In the summer of 1886, events directed George's life into politics. A
committee representing 165 labor organizations asked him to be their
candidate for mayor of New York City. George replied that he could not
interrupt his writing. They repeated their invitation. Again, George
declined, saying labor was not strong enough to "break Tammany
Hall". The committee closed its ranks, and assured George on
their third invitation that 50,000 members were solidly behind him.
Father McGlynn, Louis Post, and others of George's friends encouraged
George to run. Believing that his next response would end all
discussion of the mayorality, George said he would run if 30,000
persons would sign a petition of their support.
George's candidacy was a threat not only to Tammany, but to the
Democratic Party which had become a corrupt faction in New York
politics. William Ivans, on behalf of the Democrats, asked George to
withdraw his candidacy, assuring George "that he could not
possibly win."
"If I cannot win, why do you then urge my withdrawal?"
George asked.
"You cannot win, but your running will raise hell," Irwin
said.
"You relieve me," replied George. "I do not want the
work and the responsibility of being mayor of New York City. But I do
want to raise hell. I will run."
George wrote his friends, "The campaign will do more than any
writing to bring the land question into the public."
George was chosen the candidate of the Trade and Labor Conference on
the first ballot. They accepted his platform: taxation of land values,
abolition of all other taxes, municipal ownership of railroads and
telegraph, and a reformed secret ballot.
A growing resistance to Tammany and its Democratic Party followers
known as Irving Hall, welcomed Henry George's nomination. Leading
ministers and clergymen, including Father McGlynn, endorsed George.

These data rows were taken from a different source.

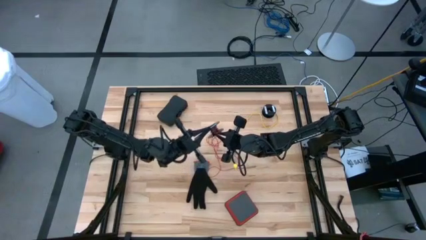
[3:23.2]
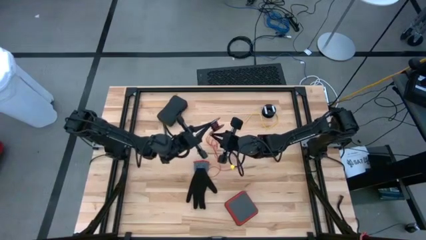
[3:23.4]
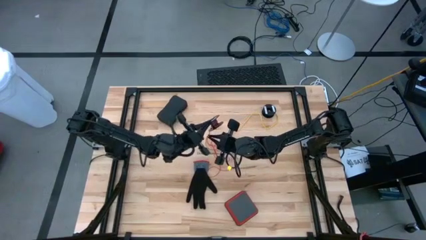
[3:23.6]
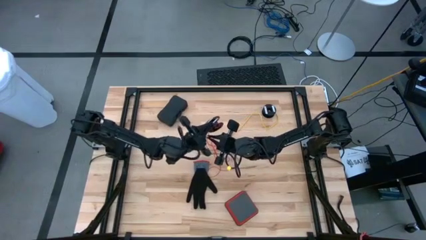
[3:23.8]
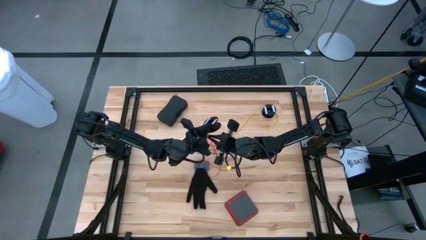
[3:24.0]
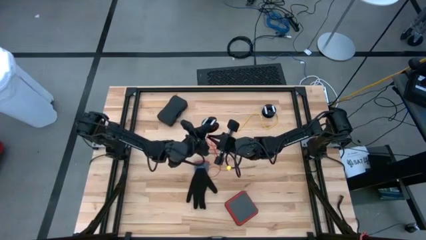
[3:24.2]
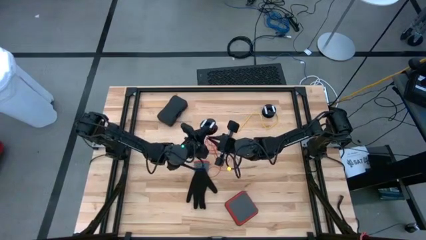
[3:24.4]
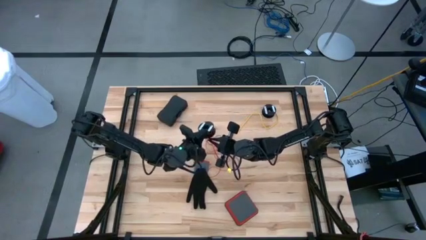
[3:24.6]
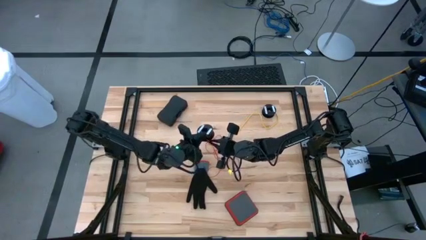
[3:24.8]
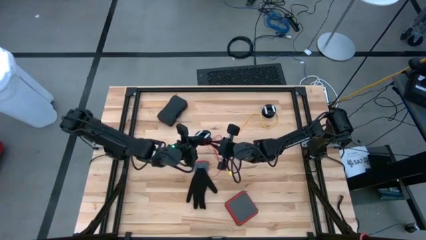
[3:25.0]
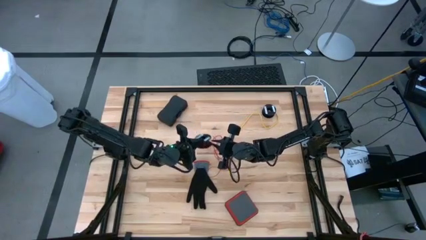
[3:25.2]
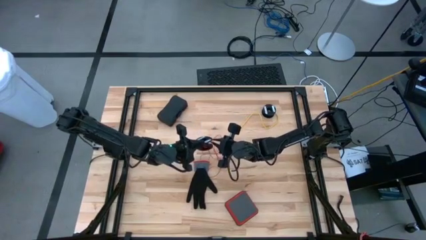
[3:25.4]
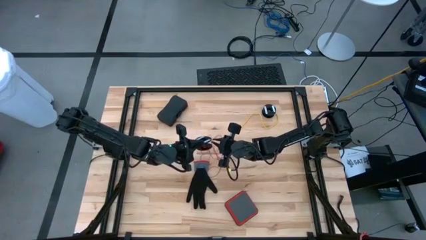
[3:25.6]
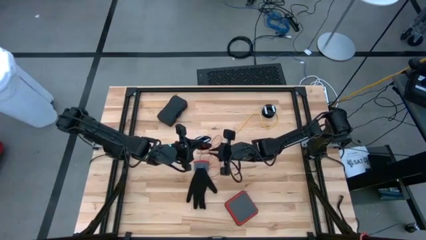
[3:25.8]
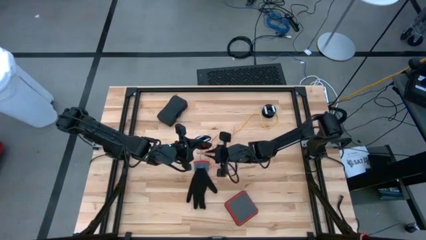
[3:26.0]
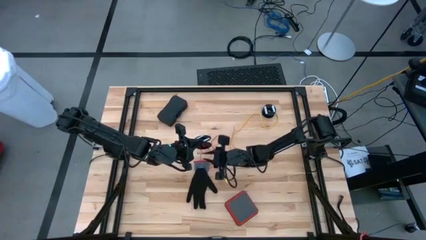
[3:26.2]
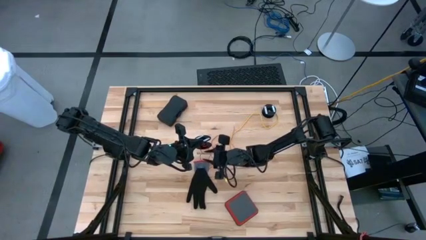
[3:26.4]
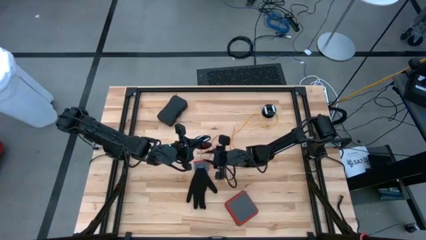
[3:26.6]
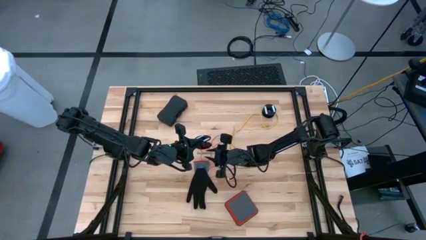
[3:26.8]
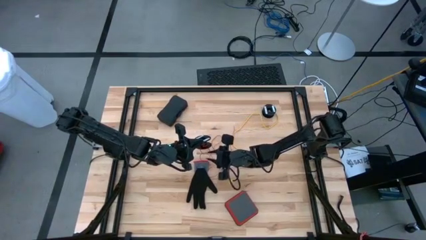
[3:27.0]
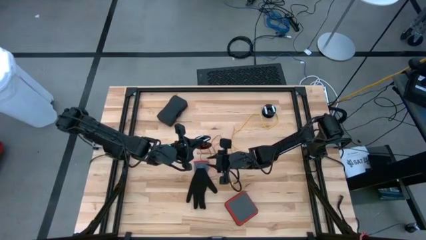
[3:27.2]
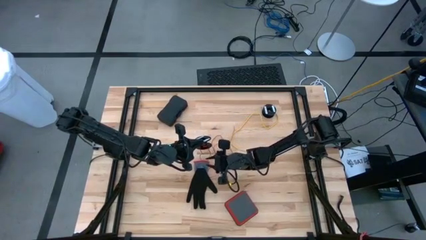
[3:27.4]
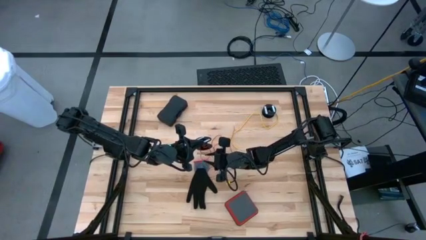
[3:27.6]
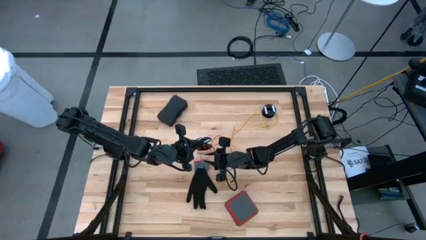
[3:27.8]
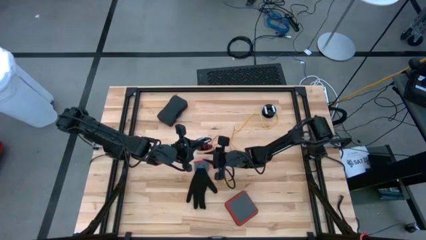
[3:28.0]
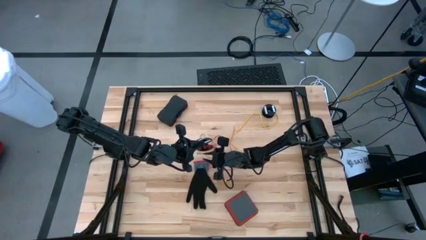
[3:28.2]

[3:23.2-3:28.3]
Task: Coil cords
Coil the red wire onto the black spool

Father McGlynn was told by his bishop that he was "in violation
of your earlier promises", and that he was "not to associate
with George and his socialism." McGlynn replied that his
understanding of earlier commitment was "to make no more speeches
about the Irish land question."
Henry George accepted the nomination on October 5, 1886, at Cooper
Union. He said:
"I prefer to go
before politics - to lead the way with ideas; but if elected, I will
uphold the rights of all men, as opposed to privilege. The value of
the land of this city, by reason of the great population, belongs to
us to apply to the welfare of all the people.
"I came from the West years ago, unknown, knowing nobody, but
I saw and recognized the shocking contrast between monstrous wealth
and debasing want. I vowed to seek out, if I could, the remedy. It
is because of that, that I present myself tonight for the chief
office of your city, espousing the cause not only of your rights,
but of children and those who are weaker than you. "

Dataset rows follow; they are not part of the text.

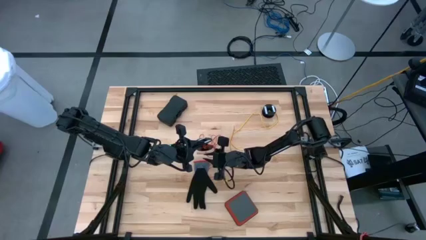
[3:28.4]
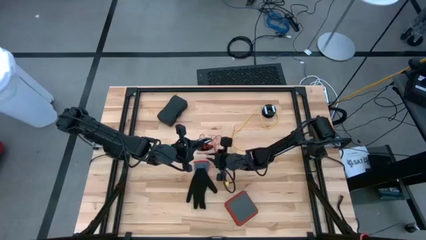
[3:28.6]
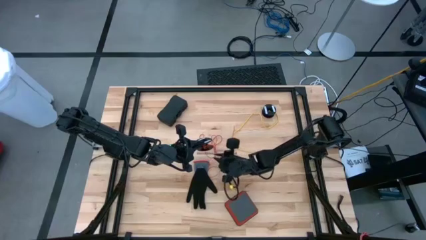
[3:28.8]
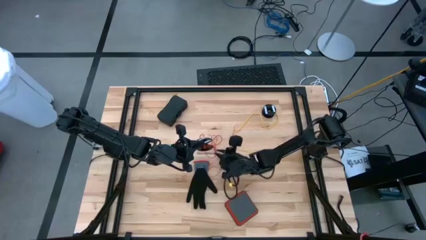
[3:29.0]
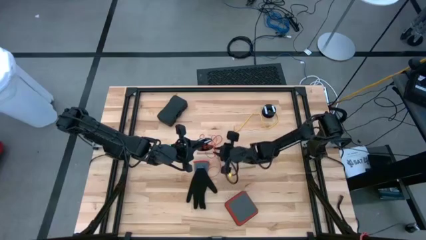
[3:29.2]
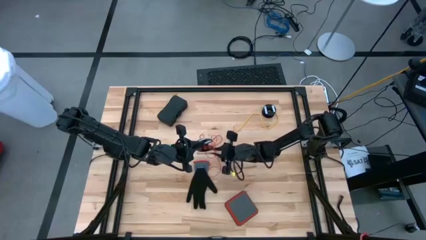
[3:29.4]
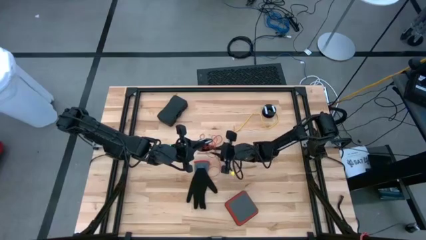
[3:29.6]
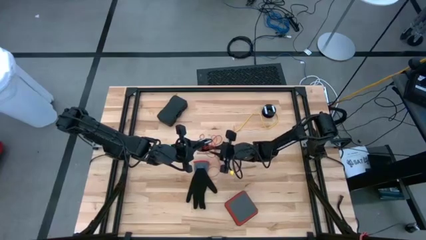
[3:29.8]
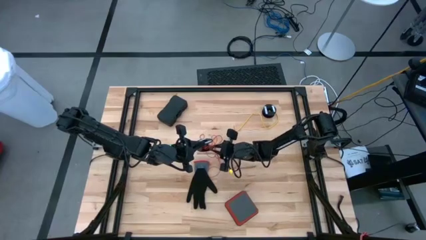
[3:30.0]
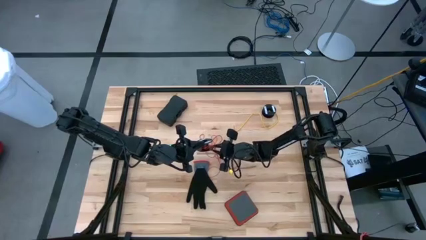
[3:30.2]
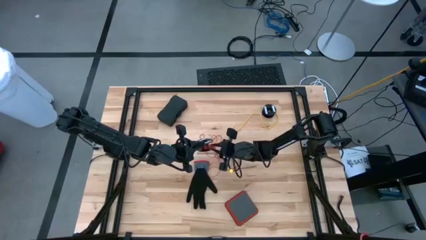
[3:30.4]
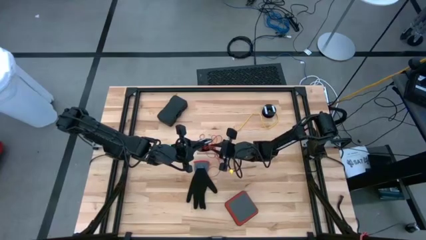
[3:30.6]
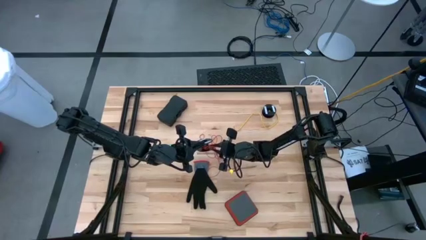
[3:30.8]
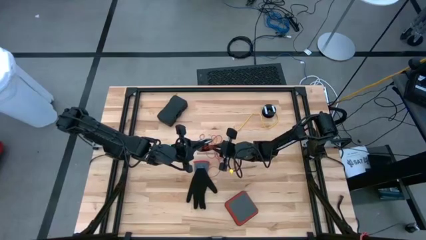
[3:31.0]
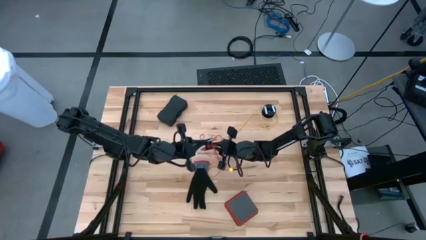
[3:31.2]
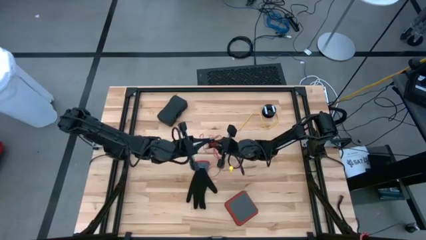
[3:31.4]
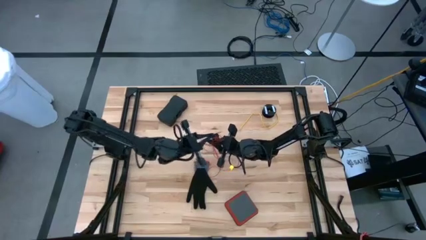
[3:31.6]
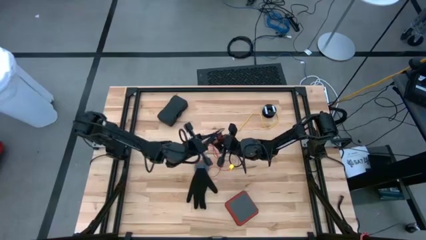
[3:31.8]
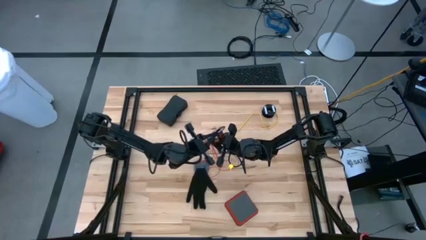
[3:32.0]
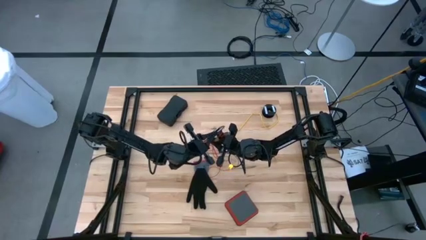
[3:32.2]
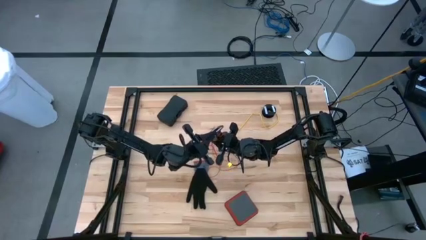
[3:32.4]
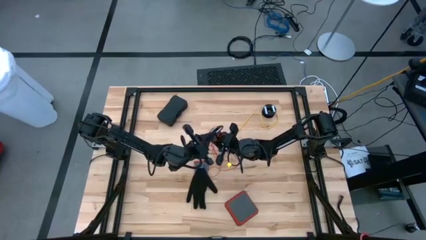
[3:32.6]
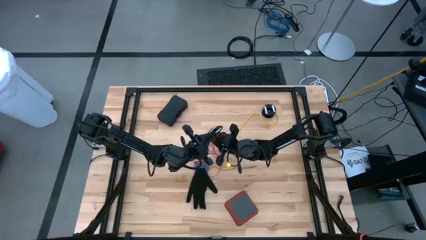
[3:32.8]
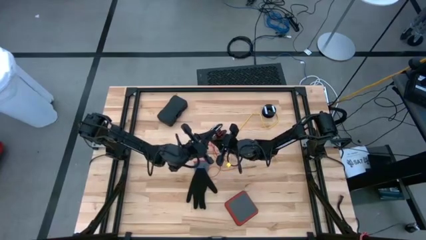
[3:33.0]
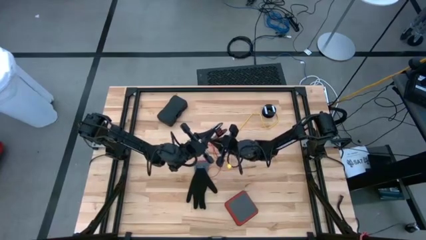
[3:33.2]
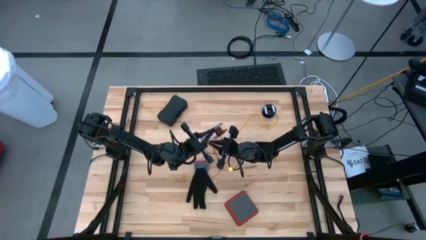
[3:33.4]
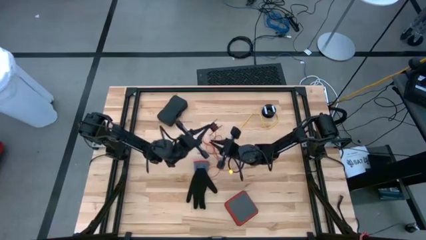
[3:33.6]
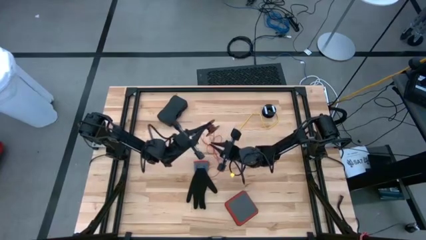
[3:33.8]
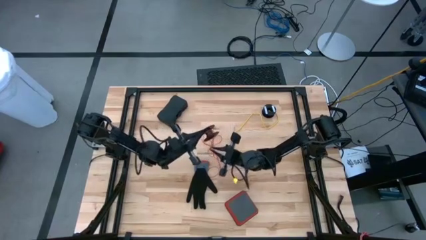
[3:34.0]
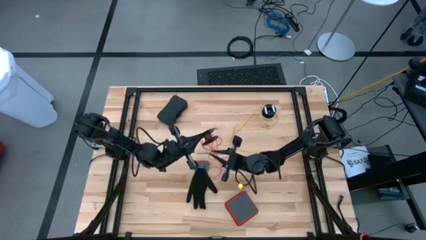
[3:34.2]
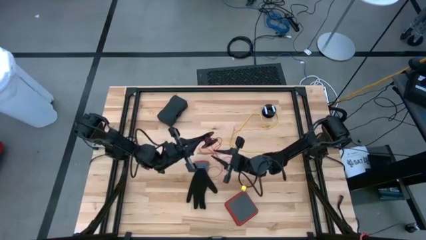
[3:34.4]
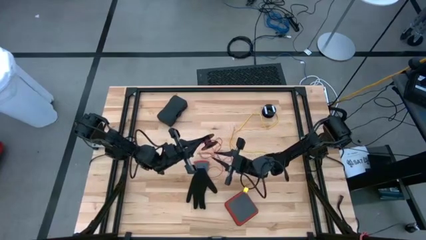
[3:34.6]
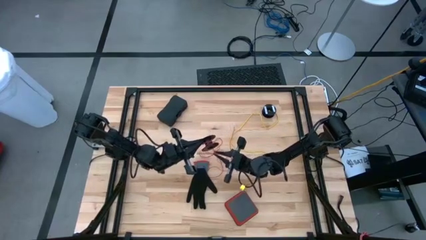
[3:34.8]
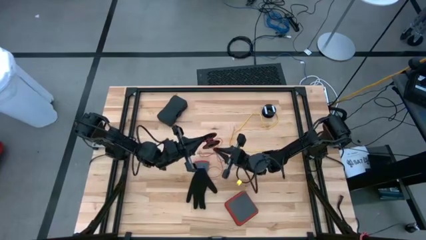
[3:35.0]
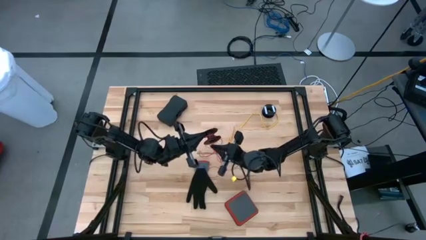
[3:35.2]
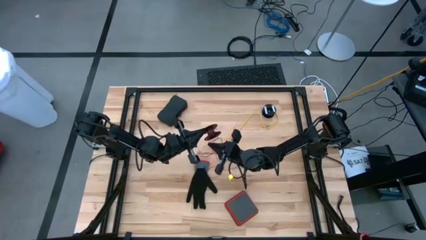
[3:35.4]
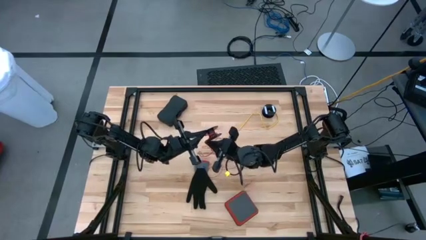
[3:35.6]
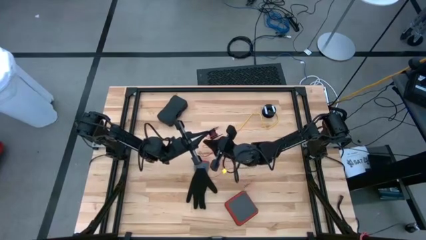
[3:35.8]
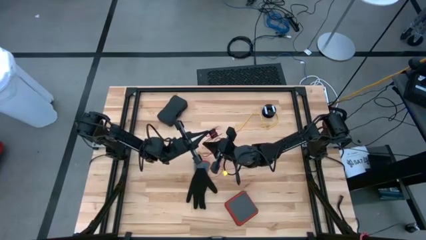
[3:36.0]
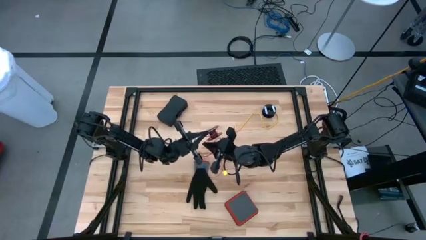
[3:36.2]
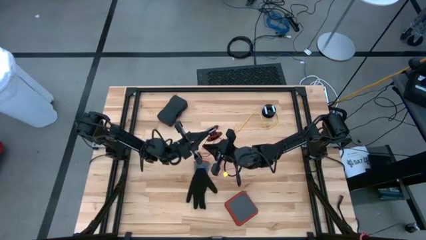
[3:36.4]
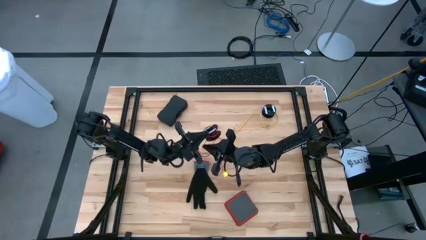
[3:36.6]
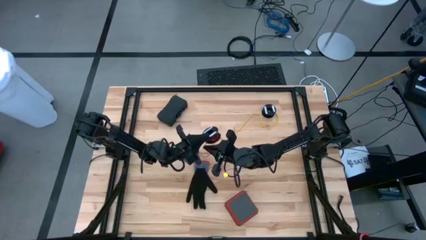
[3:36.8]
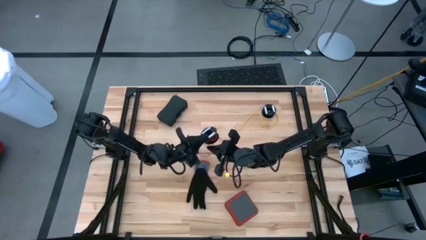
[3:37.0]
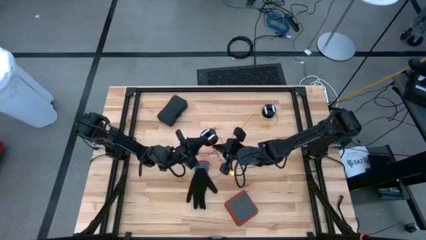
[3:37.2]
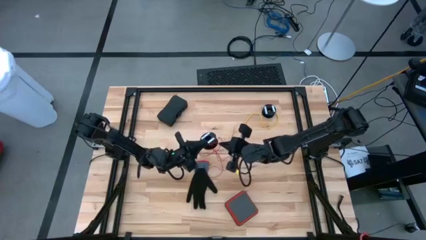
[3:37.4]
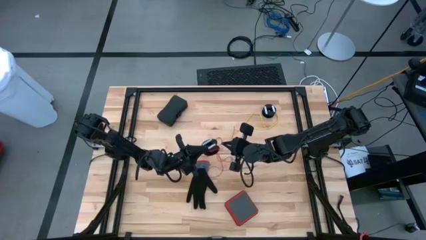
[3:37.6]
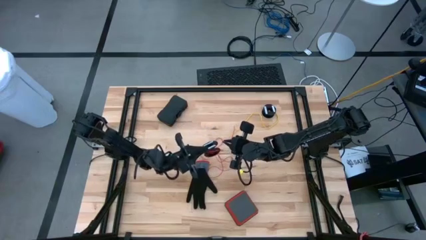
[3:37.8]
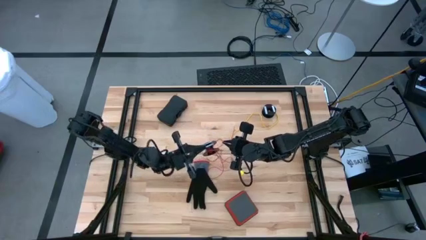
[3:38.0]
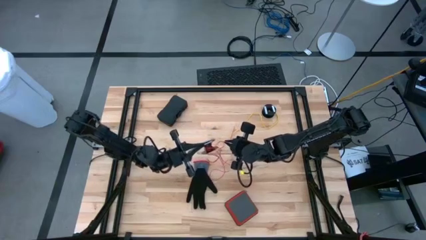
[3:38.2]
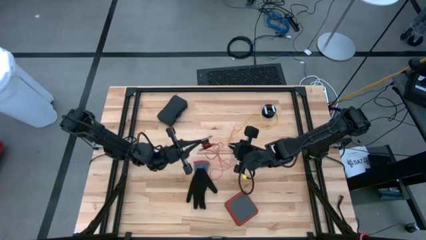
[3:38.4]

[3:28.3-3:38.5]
Coil the red wire onto the black spool

George's opponent in the "regular" Democratic Party was
A.S. Hewitt. The Republicans nominated a young man of ability and
private means, Theodore Roosevelt. The press of New York arrayed
almost solidly against the Labor candidate - except for Louis F.
Post's Leader. Some called him a humbug and a busybody, a
danger to civilization, attacking the sacred rights of property, of
preaching anarchy and destruction. George replied:
"All this a man
must expect if he does battle against a great social injustice. If
he is wise, he will be content, knowing that 'never yet share of
truth was vainly set in the world's wide fallow. "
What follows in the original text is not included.